Employers of child-related services need access and update the online WWC system with their current employees to include the Working With Children (WWC) number of each child-related employee. This means that technically if there is an adverse finding in the future, an employer could theoretically be notified, however there is no official requirement to do so, on the contrary, there is concern that lack of coordination between states may allow some adverse issues slip through. According to Working With Children NSW, if the verification result is CLEARED or APPLICATION IN PROGRESS, the worker may commence child-related work. If the verification result is NOT FOUND, EXPIRED, INTERIM BARRED or BARRED, the employer must not employ the worker for child-related work and it is a criminal offence to do so.

Once a person has a Working With Children Check they can seek employment in child-related work; the Check relates to the individual, not to the specific position of employment. As such, individuals may use the same check for multiple positions or workplaces.

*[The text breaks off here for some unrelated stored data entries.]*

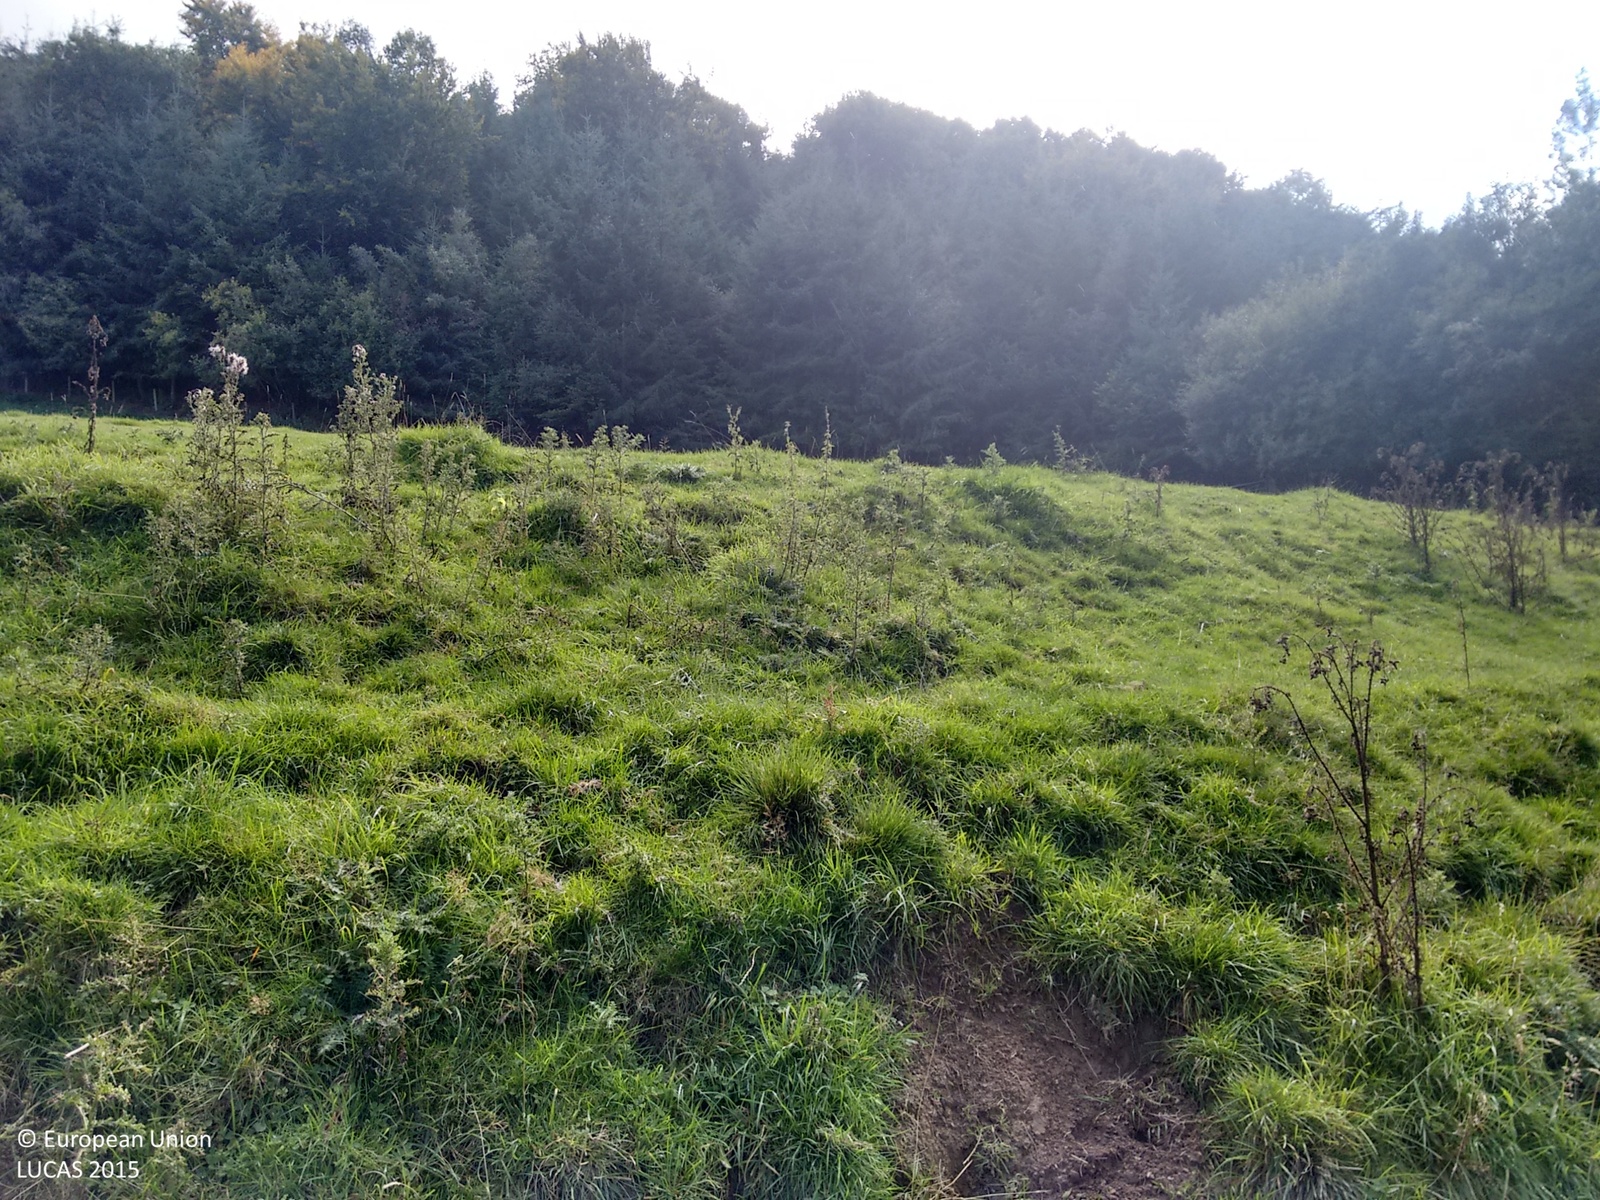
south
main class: Grassland
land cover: Grassland without tree/shrub cover
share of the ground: > 75 %
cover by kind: herbaceous plants 100 %
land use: Agriculture (excluding fallow land and kitchen gardens)
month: September
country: GB
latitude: 52.5952
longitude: -3.2629
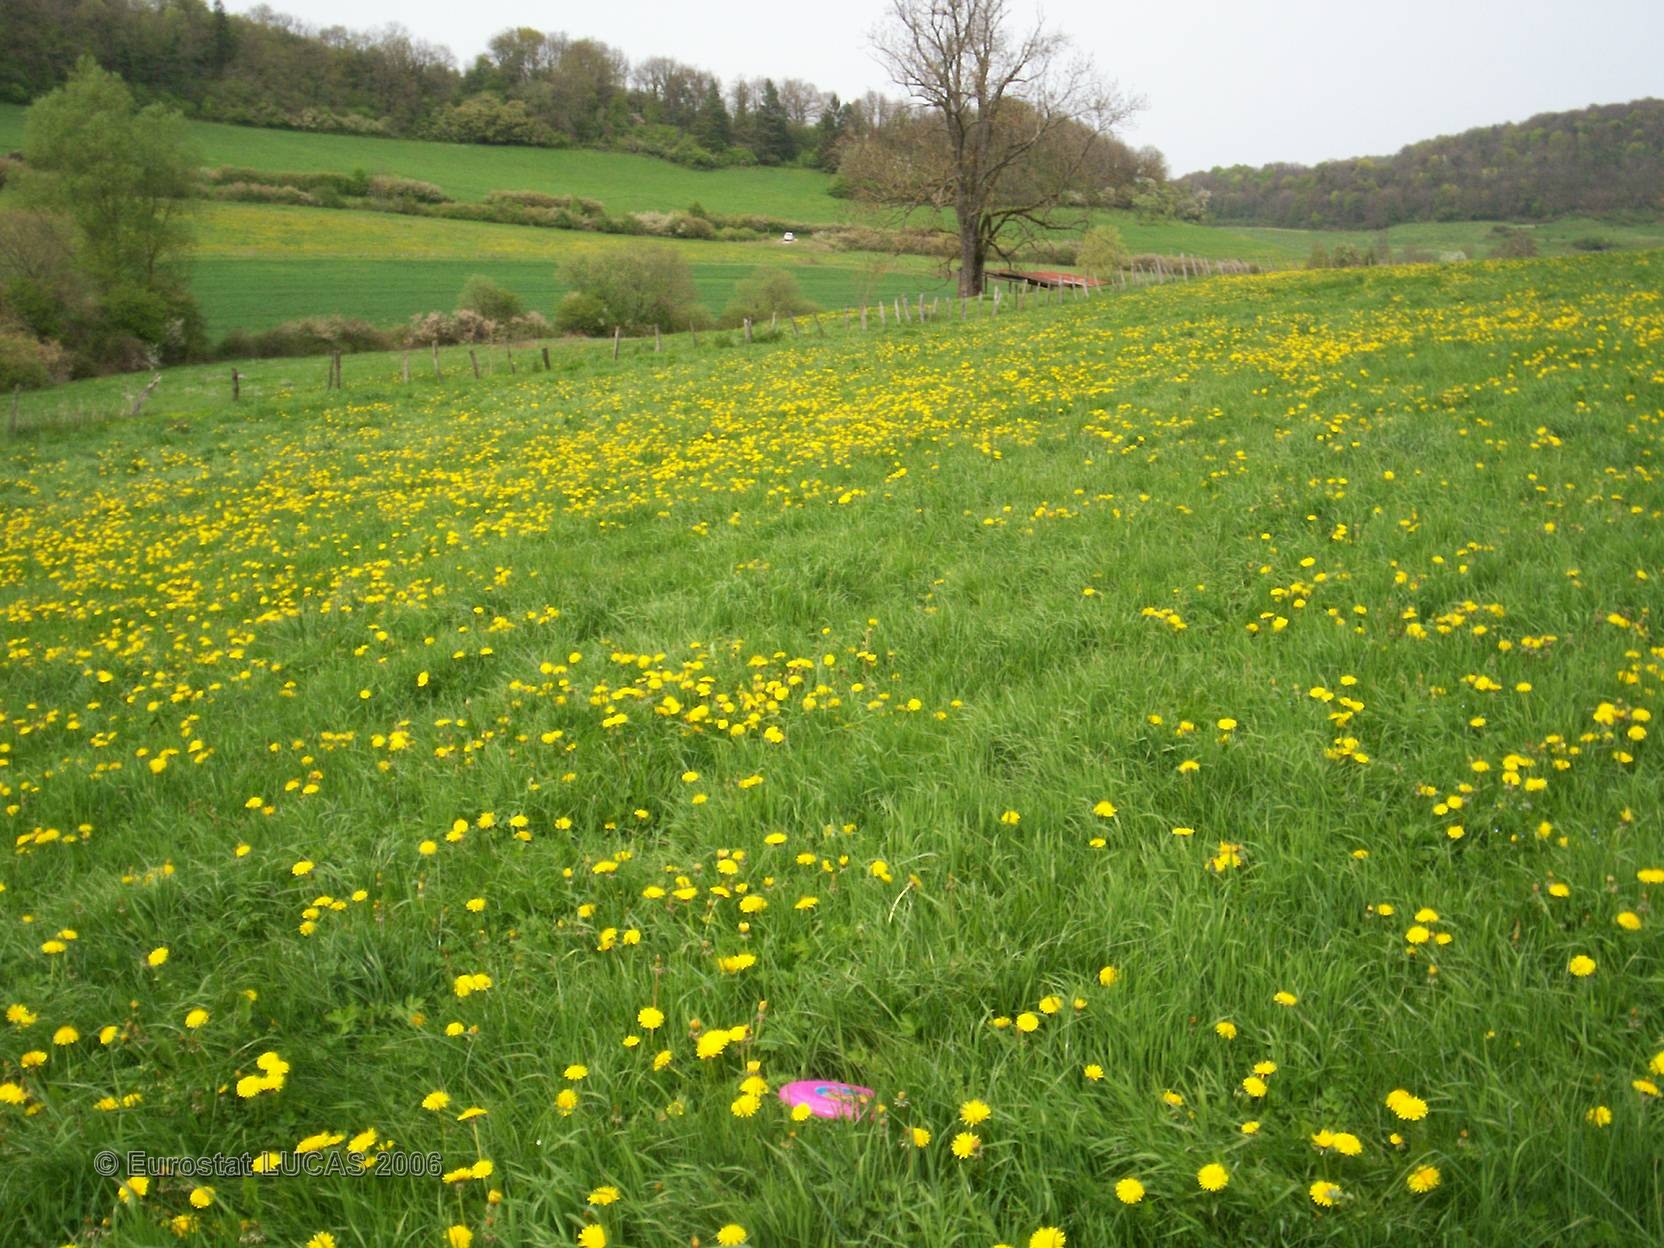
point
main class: Grassland
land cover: Grassland without tree/shrub cover
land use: Agriculture (excluding fallow land and kitchen gardens)
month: May
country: FR
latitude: 47.6946
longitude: 4.6025
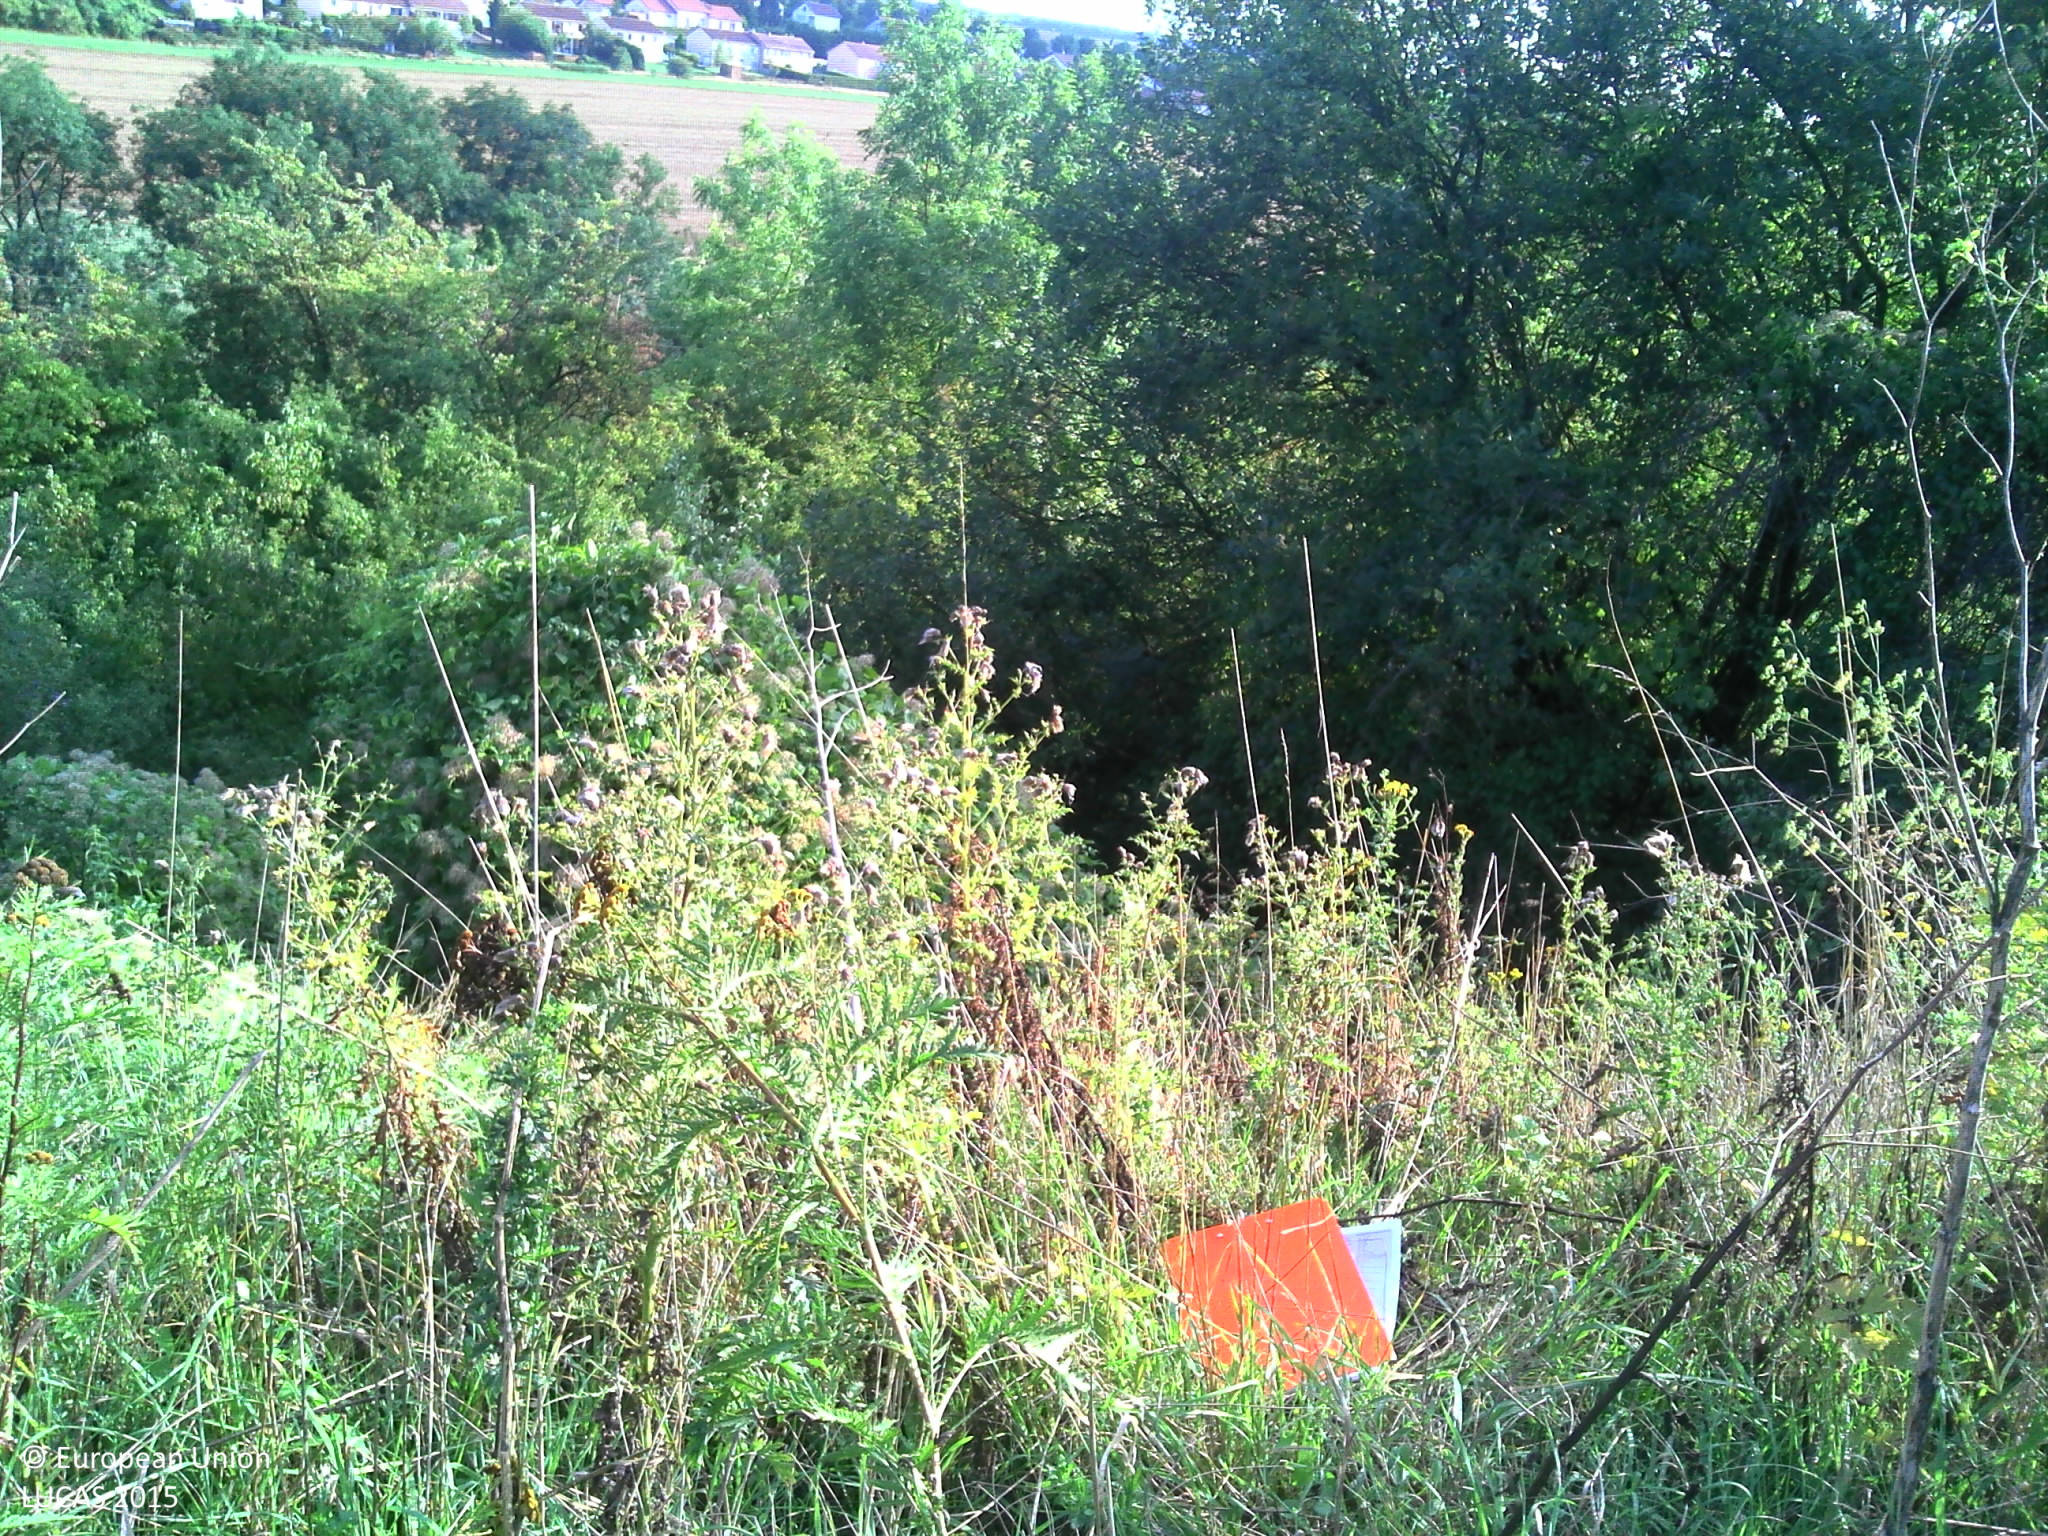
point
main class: Shrubland
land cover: Shrubland with sparse tree cover
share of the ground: > 75 %
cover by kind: shrubs 50 %, herbaceous plants 30 %, consolidated bare surface 15 %, broadleaved forest trees 5 %
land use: Semi-natural and natural areas not in use
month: September
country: FR
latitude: 49.2120
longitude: 5.9498
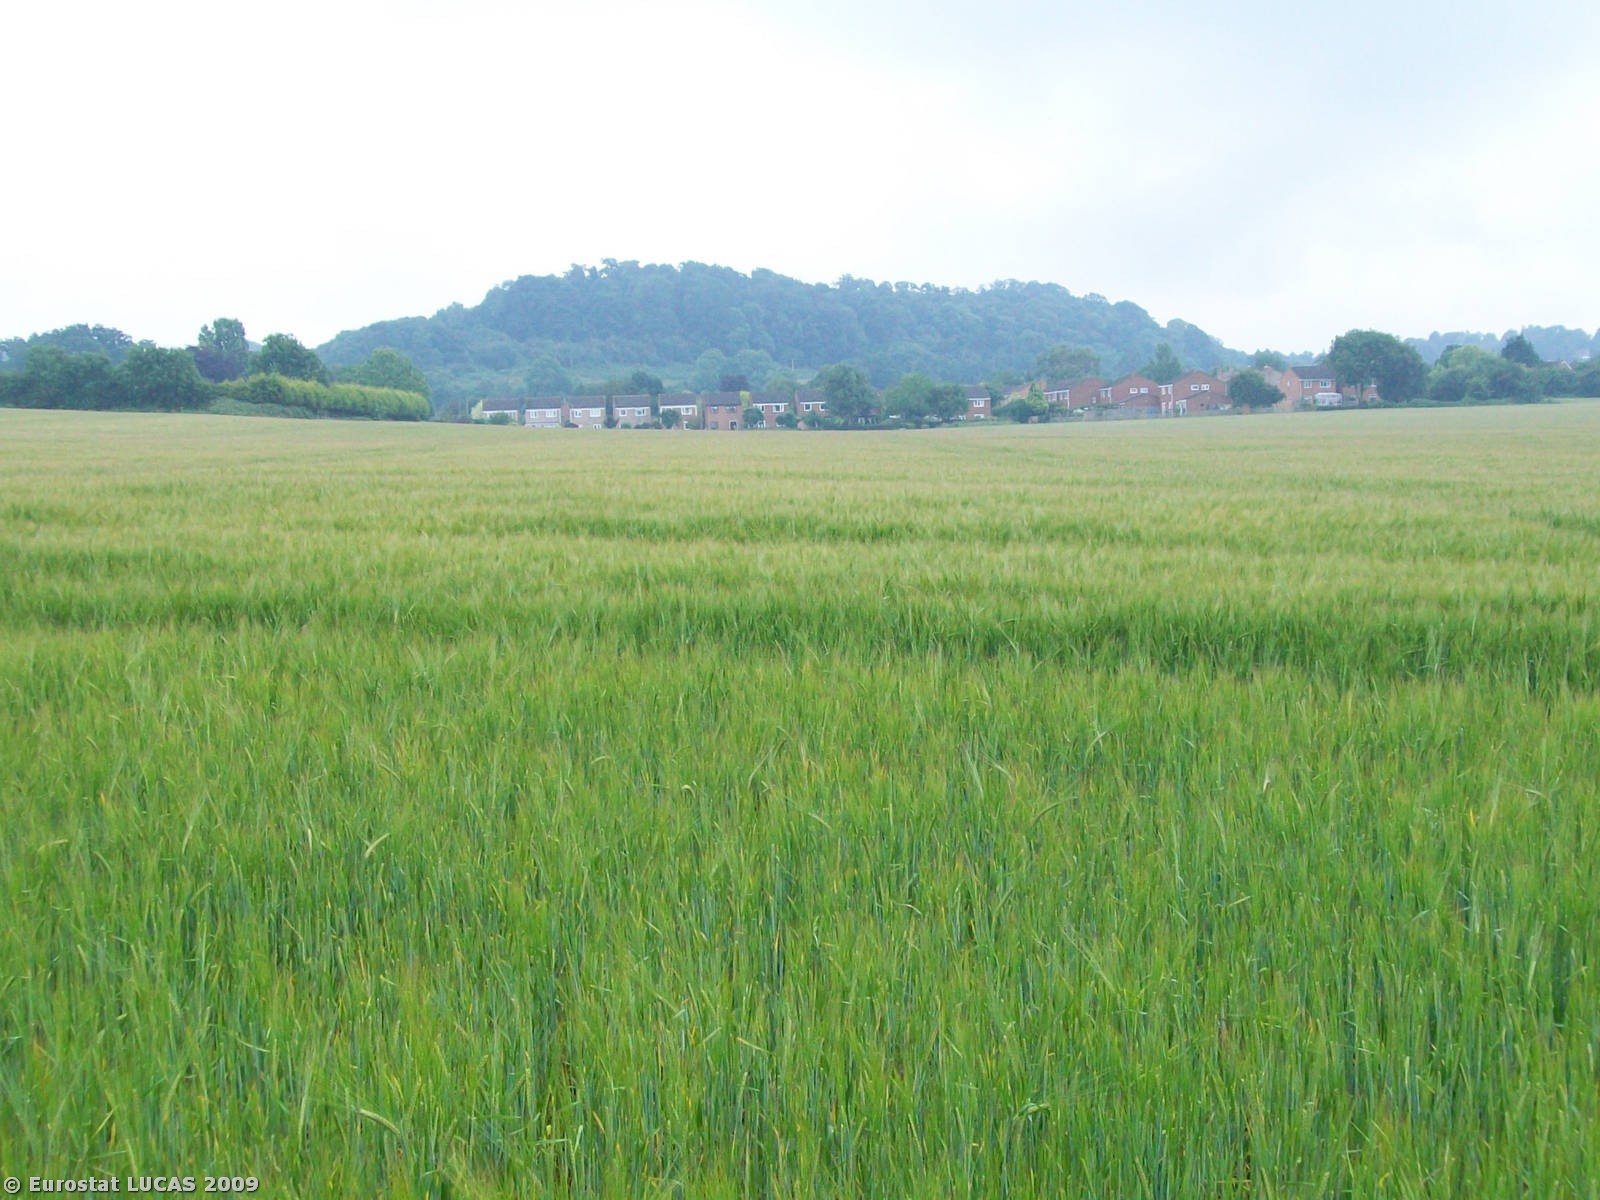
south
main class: Cropland
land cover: Barley
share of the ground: > 75 %
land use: Agriculture (excluding fallow land and kitchen gardens)
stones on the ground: < 10 %
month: June
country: GB
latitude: 51.2514
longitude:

The WWCC expires after a certain time (5 years) and should be renewed before the deadline to avoid employment compliance issues.

===Exemptions===
Certain roles and positions are exempt from the WWCC requirement. For example, in Queensland, shopping mall Santas are exempt, while those hired by schools and other venues are required to undergo the check. A parent who volunteers at their child's school may be exempt from the check. In other instances, some roles, such as tutors, will require a WWCC in some states but not in others. Schoolchildren are generally exempt from the check, however, the check is required for Year 12 students who repeated their studies (completing a 13th year), as they turned 18.

===Privacy===
The WWCC is intended to exclude people with inappropriate criminal histories from working with children, but at the same time, it is not a mechanism for accessing individual criminal history information. The WWCC process is actually designed to protect the individual from having to reveal their record, as the application is made by the individual, and if rejected is not otherwise publicised.

==Criticism==
Some criticism of the WWCC system followed a report that a man being investigated by counter-terrorism authorities, who had previously been involved in a standoff with police at gunpoint in which he threatened them with a sword, continued to be authorised to work with children. Nesha Oneil Hutchinson, President of Australian Childcare Alliance NSW stated that the Working With Children Check system contained serious flaws where unless an individual was convicted of a crime against a child, they may still pass the check. This would allow individuals convicted of crimes against adults to be allowed to work with children. Additionally, the state-based system would possibly allow someone committed of a crime against a child in another state to receive the check as well.

In 2015, final decisions on thousands of applications for checks in South Australia were delayed due to staffing shortages. In some instances, individuals were unable to work while the applications were still being processed, leading members of the public to call for an interim measure to let people work at least until a new clearance was issued.